Vaut mieux déserter un lieu infect que de sentir mauvais.



Certaines rivalités conduisent au cynisme et à l’absurdité. Ce comportement immoral, reste, particulièrement, le sport préféré des médiocres. Cela est fort contagieux, dans ces cas, l'éloignement s'impose. Parfois partir est un devoir éthique. On réserve la force et l’énergie de réagir et combattre pour les causes positives et transparentes. En effet, mieux vaux partir quand on ne nous laisse pas le choix, ce qui peut nous éviter de souffrir à voir émerger, les prémices des répercussions fâcheuses, de la mauvaise foi et de la conduite sournoise d’un supposé collègue, en quête de reconnaissance et d’applaudissements, sans labeur, sinon en calomniant et en sabotant les initiatives et les efforts des autres, par des procédés déloyaux.

S’écarter de ce climat inconfortable est la seule alternative rationnelle, surtout, quand les mesures correctives, tardent à se manifester.

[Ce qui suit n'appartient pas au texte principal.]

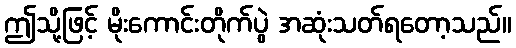
ဤသို့ဖြင့် မိုးကောင်းတိုက်ပွဲ အဆုံးသတ်ရတော့သည်။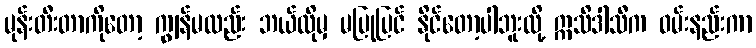
မုန်းတီးတာကိုတော့ ကျွန်မလည်း ဘယ်လိုမှ မပြုပြင် နိုင်တော့ပါဘူးလို့ ဣသိဒါသီက ဝမ်းနည်းကာ
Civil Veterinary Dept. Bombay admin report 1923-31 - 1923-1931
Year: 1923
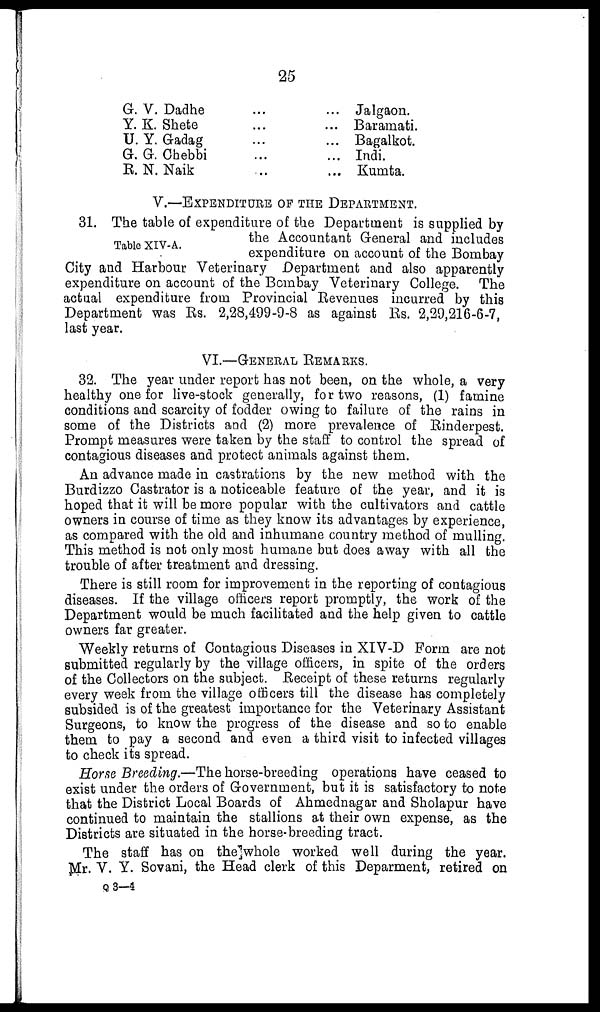
25
G. V. Dadhe
Y. K. Shete
U. Y. Gadag
G. G. Chebbi
R. N. Naik
...
...
...
...
...
...
...
...
...
...
Jalgaon.
Baramati.
Bagalkot.
Indi.
Kumta.
V.—EXPENDITURE OF THE DEPARTMENT.
Table XIV-A.
31. The table of expenditure of the Department is supplied by
the Accountant General and includes
expenditure on account of the Bombay
City and Harbour Veterinary Department and also apparently
expenditure on account of the Bombay Veterinary College. The
actual expenditure from Provincial Revenues incurred by this
Department was Rs. 2,28,499-9-8 as against Rs. 2,29,216-6-7,
last year.
VI.—GENERAL REMARKS.
32. The year under report has not been, on the whole, a very
healthy one for live-stock generally, for two reasons, (1) famine
conditions and scarcity of fodder owing to failure of the rains in
some of the Districts and (2) more prevalence of Rinderpest.
Prompt measures were taken by the staff to control the spread of
contagious diseases and protect animals against them.
An advance made in castrations by the new method with the
Burdizzo Castrator is a noticeable feature of the year, and it is
hoped that it will be more popular with the cultivators and cattle
owners in course of time as they know its advantages by experience,
as compared with the old and inhumane country method of mulling.
This method is not only most humane but does away with all the
trouble of after treatment and dressing.
There is still room for improvement in the reporting of contagious
diseases. If the village officers report promptly, the work of the
Department would be much facilitated and the help given to cattle
owners far greater.
Weekly returns of Contagious Diseases in XIV-D Form are not
submitted regularly by the village officers, in spite of the orders
of the Collectors on the subject. Receipt of these returns regularly
every week from the village officers till the disease has completely
subsided is of the greatest importance for the Veterinary Assistant
Surgeons, to know the progress of the disease and so to enable
them to pay a second and even a third visit to infected villages
to check its spread.
Horse Breeding.—The horse-breeding operations have ceased to
exist under the orders of Government, but it is satisfactory to note
that the District Local Boards of Ahmednagar and Sholapur have
continued to maintain the stallions at their own expense, as the
Districts are situated in the horse-breeding tract.
The staff has on the whole worked well during the year.
Mr. V. Y. Sovani, the Head clerk of this Deparment, retired on
Q 3—4

L’adhérence et l’adhésion n’exigent nullement de souscrire aux propositions bancales, aux idées putrides, d’une hiérarchie irresponsable, en quête de prestige narcissique. La vanité n’est pas un prérequis du top management, ni l’imposture un outil précieux pour accomplir honorablement ses engagements.

L’égo démesuré d'un collègue malintentionné, fait partie des mauvaises conditions de travail.

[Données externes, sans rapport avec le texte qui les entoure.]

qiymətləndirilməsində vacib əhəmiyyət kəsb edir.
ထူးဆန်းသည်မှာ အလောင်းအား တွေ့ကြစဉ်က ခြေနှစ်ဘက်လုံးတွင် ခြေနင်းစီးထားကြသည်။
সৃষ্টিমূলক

Certes on ne choisit pas ses collègues, mais on adhère à la culture de l’établissement qui nous a mandaté pour réaliser des objectifs tangibles et non pas pour s’ingénier à comploter, et polluer l’atmosphère. La manipulation, n’est pas une stratégie valide, ni un système de compétitivité opérant, c’est une imposture et une supercherie.
S’inquiéter des ricochets d’une démarche saugrenue, relève de la conscience professionnelle ; faire part de son désaccord, est un devoir, quand le sens de la responsabilité prévaut, dénoncer les imperfections ambiantes est une exigence éthique, quand la conscience professionnelle l’emporte sur d’autres choix dépourvus de valeurs morales.

J’estime que l’intégrité est la seule option, qui favorise la réussite de toute activité humaine, avec évidement une bonne dose d’humilité. L’ergonomie n’a pas pour référence la fourberie, cet outil nuisible qui ne sert qu’à développer la suspicion, à véhiculer l’hostilité, et à miner l’esprit d’équipe et là on n’est plus dans les valeurs, mais plutôt, dans les horreurs.

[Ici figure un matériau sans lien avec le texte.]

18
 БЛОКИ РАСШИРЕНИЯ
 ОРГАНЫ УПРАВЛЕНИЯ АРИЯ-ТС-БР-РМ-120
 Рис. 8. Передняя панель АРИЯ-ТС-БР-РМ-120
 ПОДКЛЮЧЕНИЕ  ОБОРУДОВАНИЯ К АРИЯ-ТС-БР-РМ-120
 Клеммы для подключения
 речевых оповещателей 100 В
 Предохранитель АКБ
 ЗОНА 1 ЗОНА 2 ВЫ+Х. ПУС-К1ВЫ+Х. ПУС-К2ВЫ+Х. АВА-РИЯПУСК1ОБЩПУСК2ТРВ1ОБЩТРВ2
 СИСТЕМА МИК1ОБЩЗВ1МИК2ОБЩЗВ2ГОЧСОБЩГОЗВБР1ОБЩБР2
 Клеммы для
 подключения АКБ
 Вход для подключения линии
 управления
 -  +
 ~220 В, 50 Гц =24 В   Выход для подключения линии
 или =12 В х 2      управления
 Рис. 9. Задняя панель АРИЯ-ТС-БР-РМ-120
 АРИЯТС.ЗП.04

Ce type de ressources inhumaines, sans un brin d’imagination, hermétiques à la vertu, à la rectitude, favorable à l’incurie, existe sûrement dans tous les secteurs; minoritaires soit, mais excessivement nuisibles, Ils se plaisent à ne rien faire, tout en se plaignant du trop de travail qu’on leur inflige. Ils passent leurs journées à broder des exploits fabuleux, et comptent sur leurs élucubrations et leurs manigances, pour briller. Il est conseillé évidement, de s’en écarter, au plus vite et surtout ne pas se complaire dans leur platitude néfaste, sinon avec le temps, cela fini par devenir, la norme. Travailler sérieusement, faire des propositions constructives ne leur convient nullement et préfèrent rester connectés à leur cynisme et leur mesquinerie. Ne pas conforter leurs perfides appétits est sage, déserter leur environnement est salutaire.

Tout métier honorable exige des aptitudes spécifiques mais jamais ne privilégie les procédés écœurants de la cabale et du “stab in the back“.

Le challenge donc, est de torde le coup à ces manœuvres ignobles, fortement contagieux, qui ne contribuent qu’à gangréner l’atmosphère et à favoriser les dérives de tout genre.